Seven officials and industry figures told Reuters automation would be the main focus of battlefield innovation in the coming year.

“The number of infantrymen deployed in trenches has decreased significantly, and combat command is possible to do online from a remote point, which reduces the risk of personnel being killed,” said Ostap Flyunt, an officer in the 67th mechanised brigade.

Ukraine now has more than 160 companies building unmanned ground vehicles, according to state-backed defence accelerator Brave1. They can be used to deliver supplies, evacuate wounded or carry remotely operated machine guns.

An army colonel, callsign Hephaestus, recently left the military to start building automated machine gun systems.
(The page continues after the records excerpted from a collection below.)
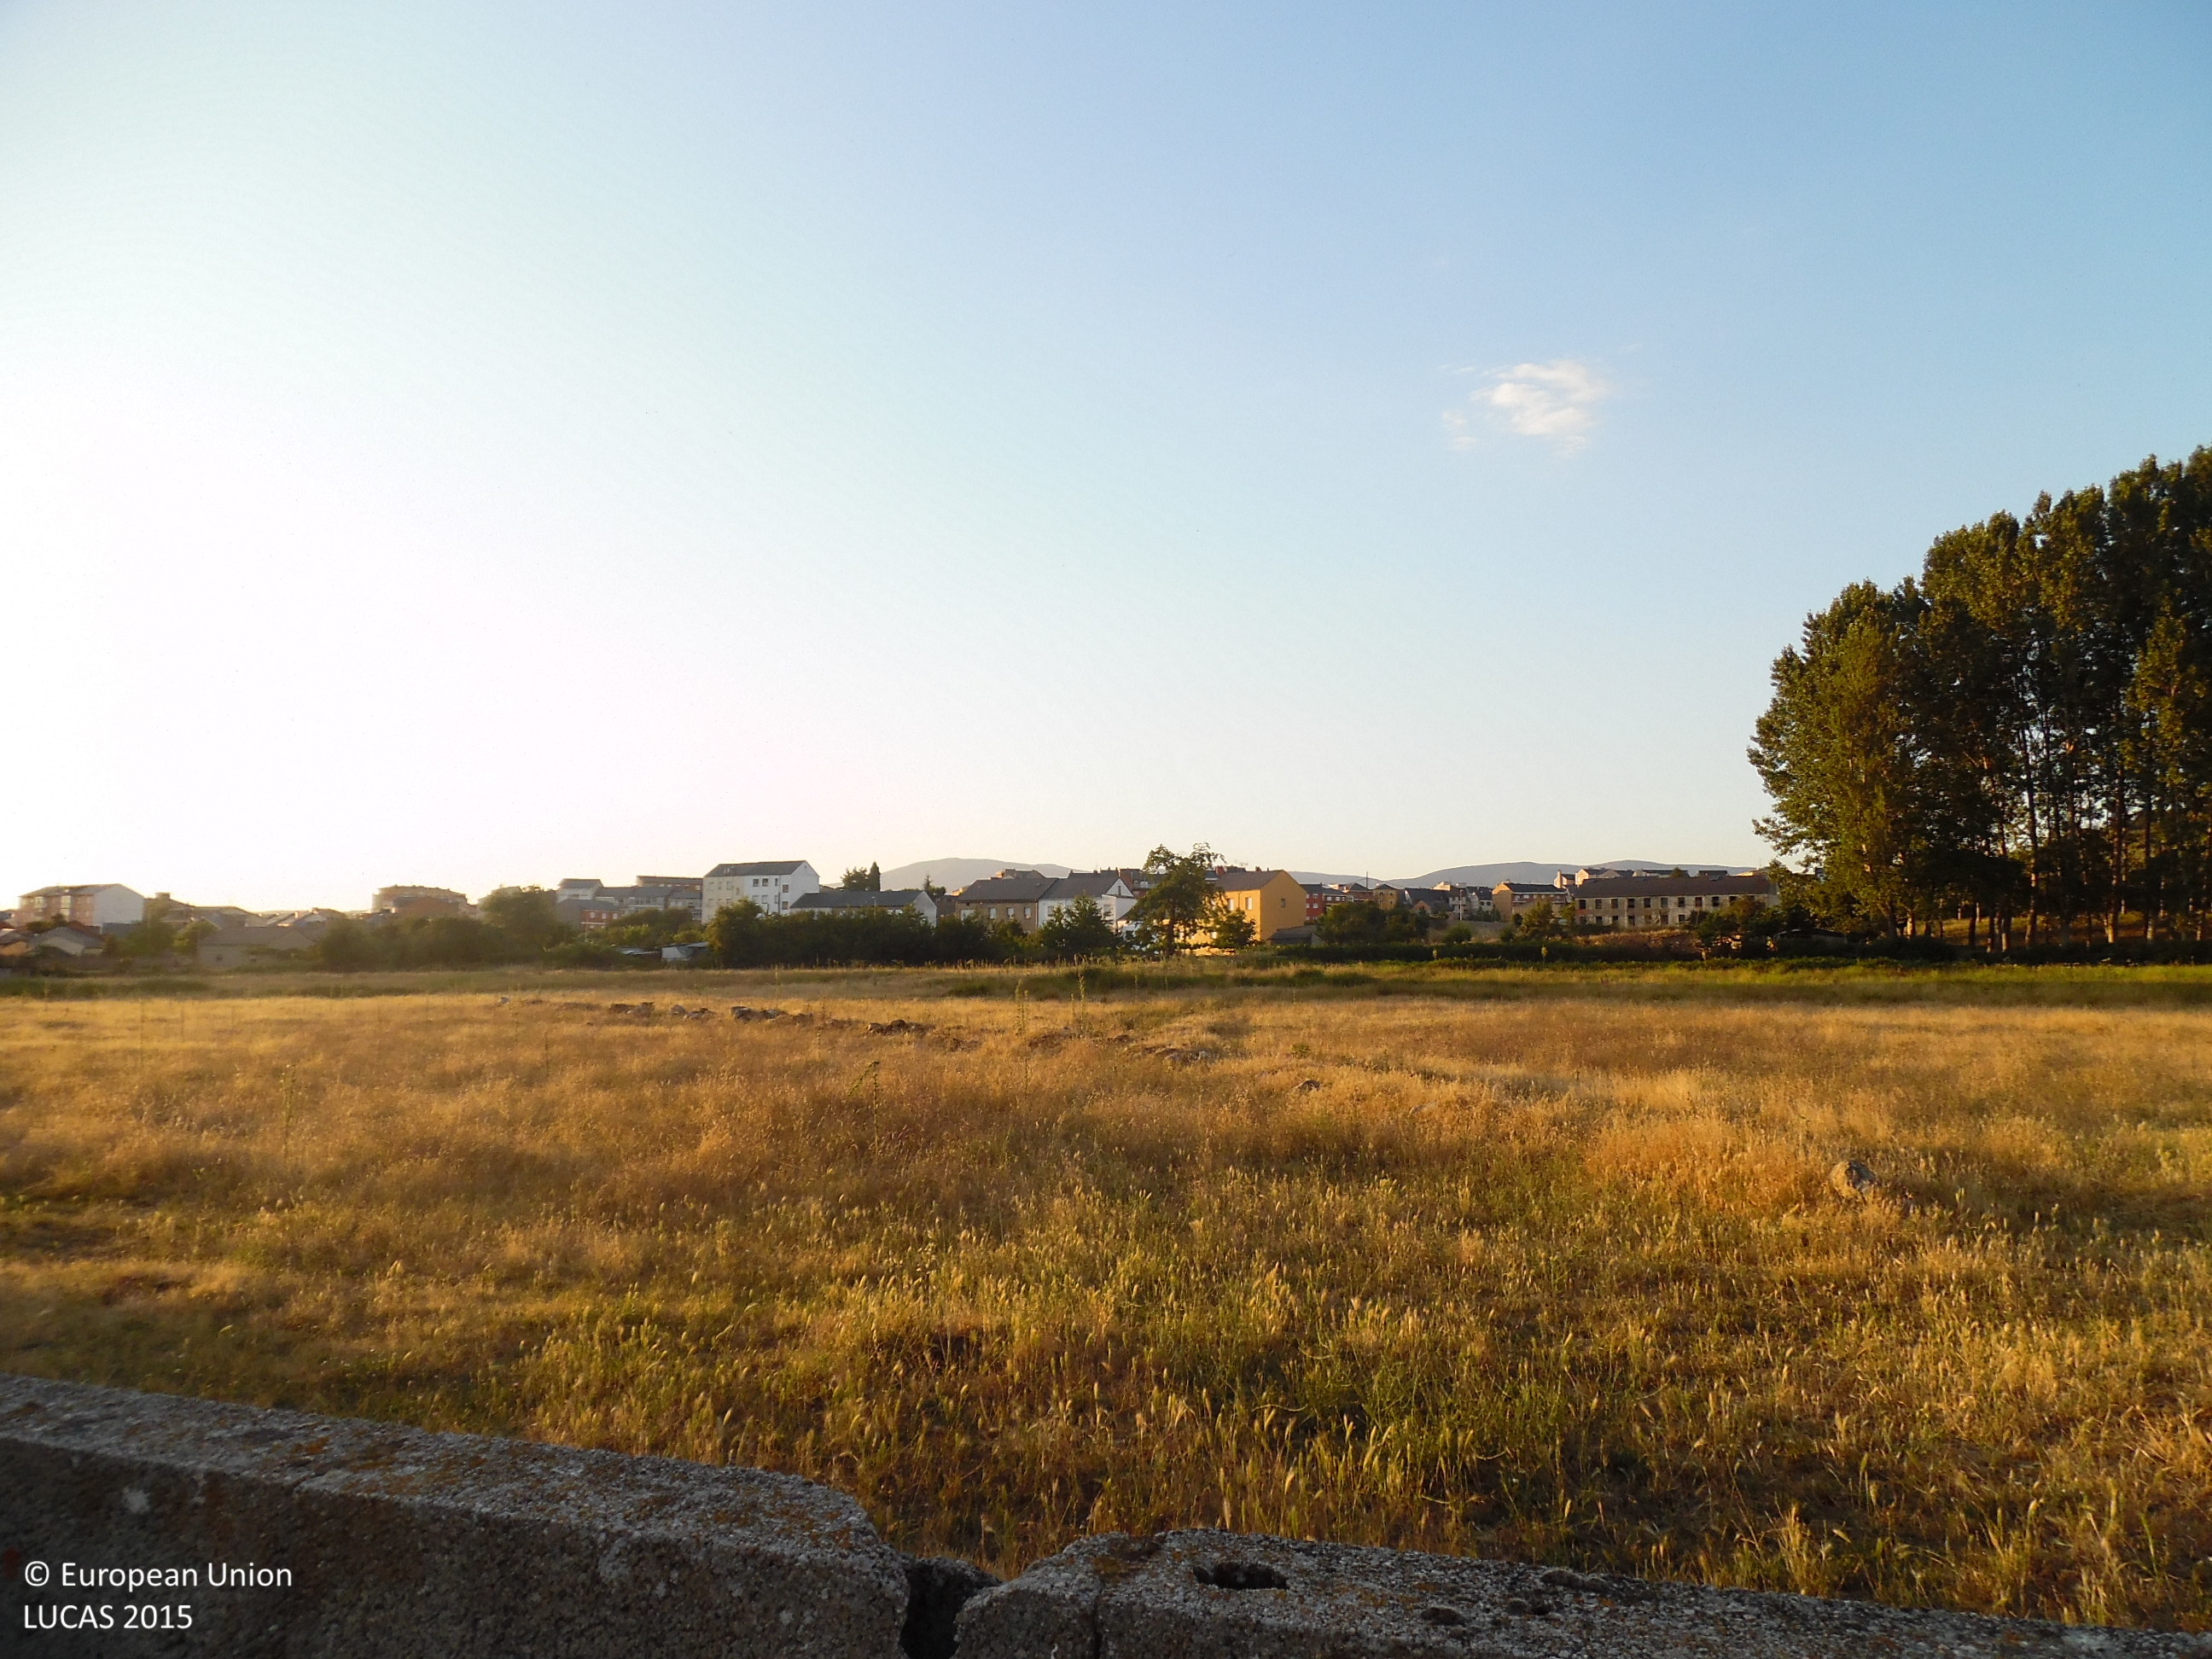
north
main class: Grassland
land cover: Grassland without tree/shrub cover
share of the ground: > 75 %
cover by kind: herbaceous plants 95 %, shrubs 5 %
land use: Agriculture (excluding fallow land and kitchen gardens)
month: June
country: ES
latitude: 42.6099
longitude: -6.4139
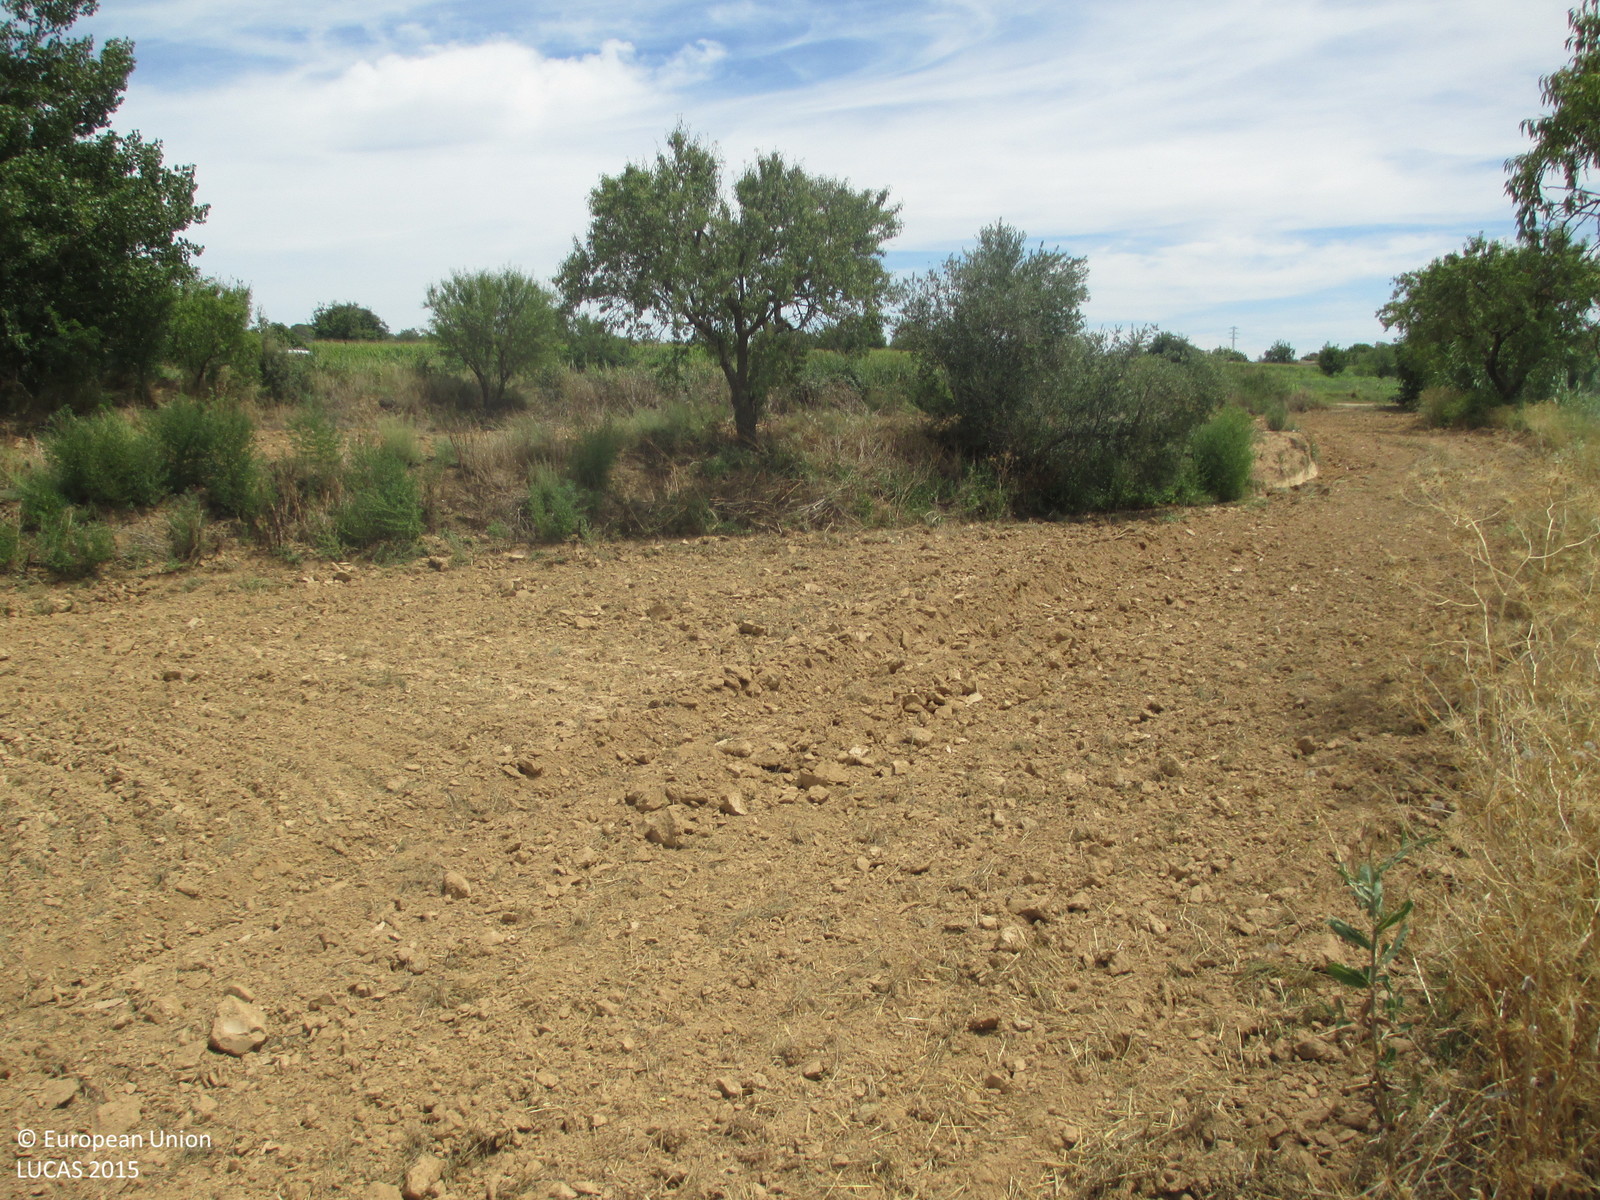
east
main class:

He said six of his products were already substituting human gunners on the front, allowing them to operate the weapons on a screen far away from danger.

Flyunt said this was increasingly common: “Modern war is a confrontation of technologies for detection, jamming, and destruction at a distance, leaving to the operator only the ability to make decisions about strikes,” he said.

Arms minister Herman Smetanin also said remote warfare, including using artificial intelligence, was on the increase.

“In the near future, this will be the main direction of development, the war of robots,” he told Reuters. “It’s about people’s lives, we need to protect them.”

Ukraine hopes an innovative defence sector will provide a new foundation for an economy devastated by the invasion.

The country has poured $1.5 billion into upgrading defence manufacturing which had stagnated since Soviet times, arms minister Smetanin said, although it still relies on Western allies for shells, missiles and air defences.

Defence production capacity has grown from $1 billion in 2022 to $20 billion in 2024, but Ukraine can only afford to buy about half of that, the minister said, leaving the extra manufacturing capacity unused.

---

Although it is not explicitly stated, we can all assume that the U.S. military has had a significant role in developing this technology for the Ukrainian battlefield and has worked closely with the Ukrainian army in developing and deploying these technologies and strategies.

Seventh-generation warfare is here. These decentralized war machines capable of battlefield coordination, cooperation, and swarming like bees are just the beginning. The future will include wars involving AI-enabled war machines, and these conflicts will not be guaranteed to be confined to the battlefields. How will these technologies be enabled in domestic terror events? How will criminals deploy these cheap drones with AI capabilities? What about Assassins?

Seventh-generation warfare and beyond will change our lives forever.